Why this architecture

  • FastAPI + React + SQLite in one Docker container. All Python on the agent side, including the SDK and the site backend. SQLite snapshot reset is fast enough that every task run can start from a known-fresh state.
  • Shared SQLModel schema lives in packages/shared-models. Both the site (writer) and the SDK (reader, via /__test__/query) use the same Python classes. There is no JSON contract drift between the two.
  • Modifier middleware is a process-wide config dataclass mutated by /__test__/configure. New failure modes are added by writing a single Starlette middleware (or extending an existing one) — no per-task code changes needed.

Task YAML

A complete task:

id: shop_v1.checkout.payment_declined_recovery
site: shop_v1
category: checkout                # find | cart | checkout | account | multistep | adversarial | mobile
hardness: medium                  # easy | medium | hard
viewport: desktop                 # desktop | mobile_iphone15 | mobile_pixel7
seed: 42                          # determines product list, user, addresses
goal: |
  Buy 1 of "Acme Bluetooth Speaker"… (NL prompt for the agent)
user_credentials:                 # if set, runner pre-auths the browser context
  email: alex@example.com
  password: password123
parameters: { product_slug: ... } # arbitrary parameters the agent prompt can reference
modifiers:
  latency_profile: fast           # fast | realistic | slow_3g | none
  payment_outcome:
    sequence: [declined, success] # consumed in order, last value sticks
  server_error_rate: 0.0
  session_ttl_s: null
  frozen_time_iso: null
success:
  type: state_predicate           # or "python" for an escape hatch
  query: |
    SELECT COUNT(*) AS count FROM "order"
    WHERE user_id = :seeded_user_id AND status = 'paid' AND payment_attempts >= 2
  predicate: result >= 1
  also_assert:
    - SELECT COUNT(*) FROM paymentattempt WHERE outcome = 'declined' >= 1
budget:
  max_steps: 40
  max_tokens: 100000
  max_wall_clock_s: 240
tags: [checkout, recovery]

The schema is enforced via packages/core-py/resurf/schemas/task.schema.json and surfaced through resurf task validate.

Modifier framework

Modifiers are layered onto the FastAPI app:

Modifier Where What it does
latency_profile LatencyMiddleware sleeps before each /api/* response according to per-route min/max profile
payment_outcome PaymentOutcomeMiddleware (logic in /api/checkout/confirm) consumes a configured sequence; supports success / declined / 3ds_required / timeout
server_error_rate ServerErrorRateMiddleware injects 503 errors at a configurable rate on whitelisted paths
session_ttl_s SessionTTLMiddleware (used in auth.create_session) overrides session expiry to force re-auth

Future adversarial modifiers (CAPTCHA, anti-bot, cookie banner, rate limit) are v1; the v0 framework is a load-bearing demonstration that the abstraction holds up.

CSR realism mitigations

The SPA is client-rendered, but DOM-snapshot-before-hydration agents still see structural content because:

  1. index.html ships a pre-rendered shell (header, primary nav, footer, "Loading…" placeholder).
  2. The FastAPI catch-all rewrites <title> and <meta name="description"> per route on every SPA request.
  3. Suspense boundaries with skeleton placeholders mean partial DOM is available even mid-render.

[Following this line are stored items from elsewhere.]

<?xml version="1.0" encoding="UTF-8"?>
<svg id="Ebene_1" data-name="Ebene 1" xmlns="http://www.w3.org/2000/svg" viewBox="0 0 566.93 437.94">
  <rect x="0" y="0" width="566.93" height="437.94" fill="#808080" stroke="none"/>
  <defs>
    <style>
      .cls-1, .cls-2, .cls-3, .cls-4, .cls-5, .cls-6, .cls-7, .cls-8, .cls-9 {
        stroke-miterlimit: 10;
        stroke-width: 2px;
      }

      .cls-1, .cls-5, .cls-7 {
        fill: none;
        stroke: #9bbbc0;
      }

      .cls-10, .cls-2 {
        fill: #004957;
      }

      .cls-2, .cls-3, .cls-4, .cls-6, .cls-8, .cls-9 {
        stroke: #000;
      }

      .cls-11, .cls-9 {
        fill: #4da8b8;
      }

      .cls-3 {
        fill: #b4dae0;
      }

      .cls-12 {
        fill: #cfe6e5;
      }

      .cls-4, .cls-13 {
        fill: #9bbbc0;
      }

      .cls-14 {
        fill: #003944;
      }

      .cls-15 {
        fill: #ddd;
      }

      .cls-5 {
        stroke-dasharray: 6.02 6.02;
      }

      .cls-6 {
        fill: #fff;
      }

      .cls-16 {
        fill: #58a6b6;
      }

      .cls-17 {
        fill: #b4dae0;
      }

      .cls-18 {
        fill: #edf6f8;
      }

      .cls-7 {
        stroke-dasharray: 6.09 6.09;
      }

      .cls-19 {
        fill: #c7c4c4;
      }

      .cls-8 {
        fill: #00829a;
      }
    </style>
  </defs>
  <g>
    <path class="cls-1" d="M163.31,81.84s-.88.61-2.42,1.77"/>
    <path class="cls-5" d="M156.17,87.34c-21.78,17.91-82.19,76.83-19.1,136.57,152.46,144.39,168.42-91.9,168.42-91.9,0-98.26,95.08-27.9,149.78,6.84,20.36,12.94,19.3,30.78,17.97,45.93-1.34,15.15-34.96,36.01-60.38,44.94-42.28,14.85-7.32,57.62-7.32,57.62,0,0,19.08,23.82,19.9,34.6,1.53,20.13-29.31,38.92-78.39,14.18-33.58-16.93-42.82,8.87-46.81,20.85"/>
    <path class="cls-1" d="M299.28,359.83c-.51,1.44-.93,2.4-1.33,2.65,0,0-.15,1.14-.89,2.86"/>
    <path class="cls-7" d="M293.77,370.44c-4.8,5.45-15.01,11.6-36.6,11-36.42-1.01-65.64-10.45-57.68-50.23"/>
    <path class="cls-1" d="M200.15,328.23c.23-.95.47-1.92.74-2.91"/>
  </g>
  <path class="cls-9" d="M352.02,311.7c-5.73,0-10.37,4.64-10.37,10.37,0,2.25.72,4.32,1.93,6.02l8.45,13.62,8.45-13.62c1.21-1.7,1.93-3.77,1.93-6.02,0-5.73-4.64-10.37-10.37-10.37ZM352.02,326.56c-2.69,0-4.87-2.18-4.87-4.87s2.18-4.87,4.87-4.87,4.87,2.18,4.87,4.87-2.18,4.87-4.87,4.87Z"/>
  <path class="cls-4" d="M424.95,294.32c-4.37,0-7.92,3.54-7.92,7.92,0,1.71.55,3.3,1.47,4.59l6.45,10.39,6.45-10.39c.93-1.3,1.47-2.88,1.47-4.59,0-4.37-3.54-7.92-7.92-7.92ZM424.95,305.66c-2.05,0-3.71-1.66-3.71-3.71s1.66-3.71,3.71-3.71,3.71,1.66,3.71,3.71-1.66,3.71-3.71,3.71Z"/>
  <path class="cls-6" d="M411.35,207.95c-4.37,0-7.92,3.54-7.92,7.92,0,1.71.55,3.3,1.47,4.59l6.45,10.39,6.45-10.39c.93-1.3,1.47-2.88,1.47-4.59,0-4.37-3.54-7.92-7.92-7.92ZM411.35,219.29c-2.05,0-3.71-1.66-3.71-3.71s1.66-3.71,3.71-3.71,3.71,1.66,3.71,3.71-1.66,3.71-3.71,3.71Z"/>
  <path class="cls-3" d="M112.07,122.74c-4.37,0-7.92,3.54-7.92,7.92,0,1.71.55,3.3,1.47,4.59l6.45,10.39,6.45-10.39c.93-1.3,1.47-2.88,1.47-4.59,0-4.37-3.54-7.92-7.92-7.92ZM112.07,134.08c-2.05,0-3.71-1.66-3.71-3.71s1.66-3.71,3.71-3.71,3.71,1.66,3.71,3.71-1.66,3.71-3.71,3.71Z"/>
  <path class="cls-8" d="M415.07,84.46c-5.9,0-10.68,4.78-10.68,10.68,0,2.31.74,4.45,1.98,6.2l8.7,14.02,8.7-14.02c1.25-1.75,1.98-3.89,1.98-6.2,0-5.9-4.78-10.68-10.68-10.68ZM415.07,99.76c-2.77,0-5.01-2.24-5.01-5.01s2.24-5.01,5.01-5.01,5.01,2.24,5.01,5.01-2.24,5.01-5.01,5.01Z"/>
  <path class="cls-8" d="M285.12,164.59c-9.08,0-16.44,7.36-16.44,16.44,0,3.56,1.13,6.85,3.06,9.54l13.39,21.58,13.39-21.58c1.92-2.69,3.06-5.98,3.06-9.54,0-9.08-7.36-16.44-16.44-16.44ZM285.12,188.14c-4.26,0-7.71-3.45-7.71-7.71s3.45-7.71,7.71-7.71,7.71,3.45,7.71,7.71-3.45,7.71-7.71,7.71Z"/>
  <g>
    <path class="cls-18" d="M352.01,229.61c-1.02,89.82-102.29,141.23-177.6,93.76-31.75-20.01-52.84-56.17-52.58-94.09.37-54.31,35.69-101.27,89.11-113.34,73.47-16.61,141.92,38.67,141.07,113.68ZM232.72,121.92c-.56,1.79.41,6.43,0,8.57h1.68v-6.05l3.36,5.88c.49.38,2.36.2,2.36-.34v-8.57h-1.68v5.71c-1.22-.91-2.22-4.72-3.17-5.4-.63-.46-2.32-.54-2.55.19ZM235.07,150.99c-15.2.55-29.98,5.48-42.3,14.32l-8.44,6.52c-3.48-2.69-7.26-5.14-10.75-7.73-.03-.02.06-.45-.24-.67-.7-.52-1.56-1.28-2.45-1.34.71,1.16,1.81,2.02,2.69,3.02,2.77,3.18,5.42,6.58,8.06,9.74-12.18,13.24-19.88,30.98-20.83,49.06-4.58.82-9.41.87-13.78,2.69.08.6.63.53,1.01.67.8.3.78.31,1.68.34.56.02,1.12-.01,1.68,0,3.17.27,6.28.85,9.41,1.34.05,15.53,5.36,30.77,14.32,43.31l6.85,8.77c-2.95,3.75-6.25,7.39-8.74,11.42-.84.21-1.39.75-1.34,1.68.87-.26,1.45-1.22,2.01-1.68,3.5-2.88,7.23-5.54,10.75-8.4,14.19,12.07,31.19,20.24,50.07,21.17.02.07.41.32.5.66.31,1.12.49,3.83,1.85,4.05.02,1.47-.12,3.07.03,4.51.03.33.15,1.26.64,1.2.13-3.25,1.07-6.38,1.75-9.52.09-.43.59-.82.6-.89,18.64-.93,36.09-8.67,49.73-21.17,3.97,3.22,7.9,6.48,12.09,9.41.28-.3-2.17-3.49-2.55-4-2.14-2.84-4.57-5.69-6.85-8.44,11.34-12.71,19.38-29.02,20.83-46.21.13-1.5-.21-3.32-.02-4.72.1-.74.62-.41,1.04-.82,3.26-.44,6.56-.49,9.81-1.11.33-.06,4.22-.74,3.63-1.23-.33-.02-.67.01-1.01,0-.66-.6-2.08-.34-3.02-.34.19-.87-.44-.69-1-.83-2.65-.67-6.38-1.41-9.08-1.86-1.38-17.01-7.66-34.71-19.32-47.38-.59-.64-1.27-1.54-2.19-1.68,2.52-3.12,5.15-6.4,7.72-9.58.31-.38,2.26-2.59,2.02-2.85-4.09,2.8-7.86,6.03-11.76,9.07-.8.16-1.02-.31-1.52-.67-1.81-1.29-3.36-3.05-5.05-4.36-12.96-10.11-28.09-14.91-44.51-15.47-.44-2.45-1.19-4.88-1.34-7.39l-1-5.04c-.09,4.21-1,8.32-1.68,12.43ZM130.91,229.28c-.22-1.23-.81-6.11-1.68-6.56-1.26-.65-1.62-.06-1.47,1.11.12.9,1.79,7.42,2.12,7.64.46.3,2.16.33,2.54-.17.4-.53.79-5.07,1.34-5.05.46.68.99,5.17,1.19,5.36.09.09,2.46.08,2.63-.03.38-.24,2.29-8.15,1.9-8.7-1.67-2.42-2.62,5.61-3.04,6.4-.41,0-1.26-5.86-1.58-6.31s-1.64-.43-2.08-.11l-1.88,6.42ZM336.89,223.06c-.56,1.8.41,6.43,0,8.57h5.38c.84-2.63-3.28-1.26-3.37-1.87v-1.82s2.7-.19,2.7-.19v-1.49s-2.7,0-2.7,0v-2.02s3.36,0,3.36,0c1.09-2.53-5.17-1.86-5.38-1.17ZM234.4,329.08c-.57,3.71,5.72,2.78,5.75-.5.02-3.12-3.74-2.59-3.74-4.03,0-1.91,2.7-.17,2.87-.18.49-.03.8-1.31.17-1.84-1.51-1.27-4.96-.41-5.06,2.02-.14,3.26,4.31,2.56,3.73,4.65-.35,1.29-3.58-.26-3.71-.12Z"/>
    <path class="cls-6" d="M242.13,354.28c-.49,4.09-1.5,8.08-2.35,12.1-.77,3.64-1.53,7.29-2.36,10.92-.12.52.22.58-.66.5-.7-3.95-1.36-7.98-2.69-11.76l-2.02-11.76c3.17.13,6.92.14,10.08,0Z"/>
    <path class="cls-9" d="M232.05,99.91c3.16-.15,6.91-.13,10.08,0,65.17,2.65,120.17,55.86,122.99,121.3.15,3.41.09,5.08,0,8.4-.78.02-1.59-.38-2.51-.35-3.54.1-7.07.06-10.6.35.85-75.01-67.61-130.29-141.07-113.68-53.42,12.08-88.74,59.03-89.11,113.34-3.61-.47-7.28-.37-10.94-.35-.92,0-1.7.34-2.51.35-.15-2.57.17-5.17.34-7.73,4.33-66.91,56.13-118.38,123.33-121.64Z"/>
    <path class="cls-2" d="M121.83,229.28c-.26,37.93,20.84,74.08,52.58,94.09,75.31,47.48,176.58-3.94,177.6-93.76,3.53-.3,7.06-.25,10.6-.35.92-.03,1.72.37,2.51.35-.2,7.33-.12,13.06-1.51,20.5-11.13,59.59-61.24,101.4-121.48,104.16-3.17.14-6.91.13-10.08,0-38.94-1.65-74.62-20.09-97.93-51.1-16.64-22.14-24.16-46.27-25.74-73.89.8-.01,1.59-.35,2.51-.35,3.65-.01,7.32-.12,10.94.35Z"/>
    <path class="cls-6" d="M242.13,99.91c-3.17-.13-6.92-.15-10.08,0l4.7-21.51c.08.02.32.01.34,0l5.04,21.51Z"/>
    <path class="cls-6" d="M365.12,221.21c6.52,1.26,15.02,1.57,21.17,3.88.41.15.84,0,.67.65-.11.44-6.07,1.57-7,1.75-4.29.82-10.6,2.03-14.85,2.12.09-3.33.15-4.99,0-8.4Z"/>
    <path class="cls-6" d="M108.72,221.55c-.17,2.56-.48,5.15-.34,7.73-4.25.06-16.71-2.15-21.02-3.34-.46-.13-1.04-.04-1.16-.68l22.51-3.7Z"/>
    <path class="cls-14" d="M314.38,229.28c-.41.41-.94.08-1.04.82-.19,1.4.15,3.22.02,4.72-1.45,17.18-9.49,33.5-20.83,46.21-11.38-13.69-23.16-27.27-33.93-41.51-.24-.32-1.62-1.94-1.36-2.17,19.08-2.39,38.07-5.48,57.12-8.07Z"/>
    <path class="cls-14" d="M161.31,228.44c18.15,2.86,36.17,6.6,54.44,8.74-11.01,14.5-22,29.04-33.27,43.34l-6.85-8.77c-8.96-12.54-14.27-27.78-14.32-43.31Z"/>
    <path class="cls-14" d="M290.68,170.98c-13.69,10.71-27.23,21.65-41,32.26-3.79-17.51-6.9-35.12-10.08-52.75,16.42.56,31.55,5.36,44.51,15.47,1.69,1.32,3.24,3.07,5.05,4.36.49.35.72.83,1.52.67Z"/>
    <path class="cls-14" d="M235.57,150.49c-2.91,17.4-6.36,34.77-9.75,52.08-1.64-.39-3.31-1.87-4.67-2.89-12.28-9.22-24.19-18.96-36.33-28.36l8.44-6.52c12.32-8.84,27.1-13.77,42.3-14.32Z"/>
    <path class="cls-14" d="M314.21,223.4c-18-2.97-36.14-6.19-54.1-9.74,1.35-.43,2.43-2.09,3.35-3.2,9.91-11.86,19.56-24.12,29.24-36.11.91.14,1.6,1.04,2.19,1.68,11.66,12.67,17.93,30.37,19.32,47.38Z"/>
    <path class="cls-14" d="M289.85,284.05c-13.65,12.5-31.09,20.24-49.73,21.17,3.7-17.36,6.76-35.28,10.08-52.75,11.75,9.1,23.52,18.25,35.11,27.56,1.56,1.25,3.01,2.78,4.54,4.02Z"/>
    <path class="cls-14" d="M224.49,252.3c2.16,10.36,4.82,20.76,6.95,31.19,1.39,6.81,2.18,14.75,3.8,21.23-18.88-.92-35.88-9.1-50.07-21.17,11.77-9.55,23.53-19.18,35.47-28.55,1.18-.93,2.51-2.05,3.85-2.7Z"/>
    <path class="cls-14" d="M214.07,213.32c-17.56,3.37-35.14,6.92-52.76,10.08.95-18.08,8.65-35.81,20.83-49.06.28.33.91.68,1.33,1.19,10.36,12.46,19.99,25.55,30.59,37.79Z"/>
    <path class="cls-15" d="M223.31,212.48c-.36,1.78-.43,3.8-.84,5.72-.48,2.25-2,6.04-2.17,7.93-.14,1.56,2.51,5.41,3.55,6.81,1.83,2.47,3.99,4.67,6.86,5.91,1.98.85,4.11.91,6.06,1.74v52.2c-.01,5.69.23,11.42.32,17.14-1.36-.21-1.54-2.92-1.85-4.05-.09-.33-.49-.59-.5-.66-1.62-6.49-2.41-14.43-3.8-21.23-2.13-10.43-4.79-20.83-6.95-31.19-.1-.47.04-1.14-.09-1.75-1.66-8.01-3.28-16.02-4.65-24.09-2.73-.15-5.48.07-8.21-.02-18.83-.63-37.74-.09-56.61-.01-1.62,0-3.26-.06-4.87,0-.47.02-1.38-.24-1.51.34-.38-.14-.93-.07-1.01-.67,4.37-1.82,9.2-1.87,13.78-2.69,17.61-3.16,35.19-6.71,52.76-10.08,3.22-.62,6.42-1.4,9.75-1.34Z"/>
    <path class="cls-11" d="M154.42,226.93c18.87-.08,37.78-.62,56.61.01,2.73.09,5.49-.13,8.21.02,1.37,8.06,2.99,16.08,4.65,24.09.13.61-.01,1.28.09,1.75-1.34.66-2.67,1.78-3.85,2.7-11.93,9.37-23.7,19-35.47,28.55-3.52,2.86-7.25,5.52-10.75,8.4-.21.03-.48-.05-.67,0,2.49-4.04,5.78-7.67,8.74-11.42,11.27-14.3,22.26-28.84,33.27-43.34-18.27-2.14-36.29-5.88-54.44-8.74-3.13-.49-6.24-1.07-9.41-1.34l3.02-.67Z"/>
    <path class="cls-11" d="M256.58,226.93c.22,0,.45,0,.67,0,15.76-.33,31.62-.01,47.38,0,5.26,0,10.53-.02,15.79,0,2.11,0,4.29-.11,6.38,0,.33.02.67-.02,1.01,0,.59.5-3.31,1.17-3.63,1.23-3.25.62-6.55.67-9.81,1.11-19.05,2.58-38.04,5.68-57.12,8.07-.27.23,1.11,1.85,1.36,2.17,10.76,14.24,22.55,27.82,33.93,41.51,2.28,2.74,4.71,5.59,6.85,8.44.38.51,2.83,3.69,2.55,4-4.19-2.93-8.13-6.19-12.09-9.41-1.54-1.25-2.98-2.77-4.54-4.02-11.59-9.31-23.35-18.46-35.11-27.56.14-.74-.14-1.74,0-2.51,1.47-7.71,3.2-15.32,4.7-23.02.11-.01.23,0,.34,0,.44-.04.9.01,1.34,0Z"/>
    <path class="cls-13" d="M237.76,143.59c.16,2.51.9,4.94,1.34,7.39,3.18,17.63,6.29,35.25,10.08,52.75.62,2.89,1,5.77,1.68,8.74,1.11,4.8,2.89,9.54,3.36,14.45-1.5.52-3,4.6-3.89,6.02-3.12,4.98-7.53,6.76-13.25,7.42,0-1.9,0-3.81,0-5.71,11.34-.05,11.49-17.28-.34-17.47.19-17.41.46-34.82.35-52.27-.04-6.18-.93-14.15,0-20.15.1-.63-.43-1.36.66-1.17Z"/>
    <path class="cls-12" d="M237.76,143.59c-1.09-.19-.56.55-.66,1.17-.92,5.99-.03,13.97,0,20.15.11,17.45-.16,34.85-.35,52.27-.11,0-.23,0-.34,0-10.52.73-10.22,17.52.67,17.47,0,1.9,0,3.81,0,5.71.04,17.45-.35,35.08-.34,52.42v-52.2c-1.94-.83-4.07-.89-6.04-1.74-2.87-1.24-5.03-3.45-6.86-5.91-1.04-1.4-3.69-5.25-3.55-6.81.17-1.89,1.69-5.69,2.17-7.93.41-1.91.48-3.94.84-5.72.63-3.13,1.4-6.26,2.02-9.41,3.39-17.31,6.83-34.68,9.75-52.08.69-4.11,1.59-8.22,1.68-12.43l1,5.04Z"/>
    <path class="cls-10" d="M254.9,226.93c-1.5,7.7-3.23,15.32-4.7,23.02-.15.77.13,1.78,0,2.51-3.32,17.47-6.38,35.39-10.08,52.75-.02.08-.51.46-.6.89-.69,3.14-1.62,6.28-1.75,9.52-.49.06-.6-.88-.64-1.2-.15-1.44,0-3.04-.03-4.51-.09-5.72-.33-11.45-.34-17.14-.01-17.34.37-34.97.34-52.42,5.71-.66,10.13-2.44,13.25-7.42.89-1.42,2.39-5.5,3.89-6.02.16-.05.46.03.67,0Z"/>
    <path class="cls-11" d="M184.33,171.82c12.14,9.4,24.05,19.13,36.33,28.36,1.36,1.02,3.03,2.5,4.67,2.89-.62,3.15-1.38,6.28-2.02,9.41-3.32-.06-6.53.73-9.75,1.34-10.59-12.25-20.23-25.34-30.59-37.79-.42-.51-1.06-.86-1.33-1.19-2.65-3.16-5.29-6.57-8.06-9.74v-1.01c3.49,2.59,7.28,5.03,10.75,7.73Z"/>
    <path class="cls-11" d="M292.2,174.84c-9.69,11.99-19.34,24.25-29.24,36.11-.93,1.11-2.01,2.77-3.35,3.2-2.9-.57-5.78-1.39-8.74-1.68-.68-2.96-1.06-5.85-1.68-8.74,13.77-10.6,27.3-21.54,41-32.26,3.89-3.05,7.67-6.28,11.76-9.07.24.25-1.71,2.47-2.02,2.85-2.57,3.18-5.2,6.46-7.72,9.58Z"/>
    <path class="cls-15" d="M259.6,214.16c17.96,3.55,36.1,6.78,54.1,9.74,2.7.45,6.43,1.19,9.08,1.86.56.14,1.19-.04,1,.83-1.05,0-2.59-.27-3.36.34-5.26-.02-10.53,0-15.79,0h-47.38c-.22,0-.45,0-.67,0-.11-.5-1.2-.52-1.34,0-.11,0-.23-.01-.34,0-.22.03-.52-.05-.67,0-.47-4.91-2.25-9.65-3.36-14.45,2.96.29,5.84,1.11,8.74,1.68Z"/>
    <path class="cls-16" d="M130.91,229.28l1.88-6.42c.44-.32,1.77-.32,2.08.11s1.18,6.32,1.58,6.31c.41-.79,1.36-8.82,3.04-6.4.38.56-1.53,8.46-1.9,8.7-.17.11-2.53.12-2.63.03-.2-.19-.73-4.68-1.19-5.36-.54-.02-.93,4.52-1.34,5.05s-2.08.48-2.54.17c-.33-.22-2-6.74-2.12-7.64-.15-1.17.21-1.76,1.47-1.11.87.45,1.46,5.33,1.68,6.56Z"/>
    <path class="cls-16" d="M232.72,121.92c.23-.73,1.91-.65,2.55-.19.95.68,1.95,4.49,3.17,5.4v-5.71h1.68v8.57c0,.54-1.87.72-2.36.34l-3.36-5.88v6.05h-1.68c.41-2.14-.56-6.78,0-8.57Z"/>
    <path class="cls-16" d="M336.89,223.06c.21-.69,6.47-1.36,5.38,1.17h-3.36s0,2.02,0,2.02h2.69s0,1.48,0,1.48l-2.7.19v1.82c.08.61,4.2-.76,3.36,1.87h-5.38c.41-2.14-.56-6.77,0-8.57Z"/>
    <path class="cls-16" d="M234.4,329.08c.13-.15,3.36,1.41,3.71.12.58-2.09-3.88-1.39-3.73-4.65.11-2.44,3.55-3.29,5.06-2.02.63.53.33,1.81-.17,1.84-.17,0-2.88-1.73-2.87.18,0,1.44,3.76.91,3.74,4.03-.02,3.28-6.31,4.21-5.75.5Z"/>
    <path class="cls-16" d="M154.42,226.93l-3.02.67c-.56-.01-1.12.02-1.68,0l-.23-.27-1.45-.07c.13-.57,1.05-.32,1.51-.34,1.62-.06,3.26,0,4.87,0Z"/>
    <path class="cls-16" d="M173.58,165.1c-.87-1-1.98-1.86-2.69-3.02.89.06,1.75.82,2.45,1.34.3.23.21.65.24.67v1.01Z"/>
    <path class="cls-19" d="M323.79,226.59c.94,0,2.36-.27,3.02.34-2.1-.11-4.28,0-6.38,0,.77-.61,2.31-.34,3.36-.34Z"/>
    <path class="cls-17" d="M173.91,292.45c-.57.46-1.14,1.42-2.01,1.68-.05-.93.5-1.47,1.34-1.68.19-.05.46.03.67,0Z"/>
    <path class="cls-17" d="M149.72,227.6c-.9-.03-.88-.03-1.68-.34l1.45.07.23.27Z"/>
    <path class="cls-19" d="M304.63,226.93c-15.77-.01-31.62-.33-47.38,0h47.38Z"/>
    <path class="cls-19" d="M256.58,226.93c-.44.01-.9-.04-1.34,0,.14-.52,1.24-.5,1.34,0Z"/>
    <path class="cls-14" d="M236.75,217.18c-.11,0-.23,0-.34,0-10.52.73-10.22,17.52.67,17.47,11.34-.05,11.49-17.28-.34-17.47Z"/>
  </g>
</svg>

We document this trade-off explicitly so users running brittle DOM-snapshot agents know what they're getting. v1 will revisit with a Next.js stack if empirical evidence shows the gap matters in practice.

Trajectories

Per-run, the Runner writes trajectories/<timestamp>_<agent>_<task>/trajectory.json with per-step records (action, URL, optional screenshot path, tokens). Adapters populate steps; the Runner adds final metrics on top.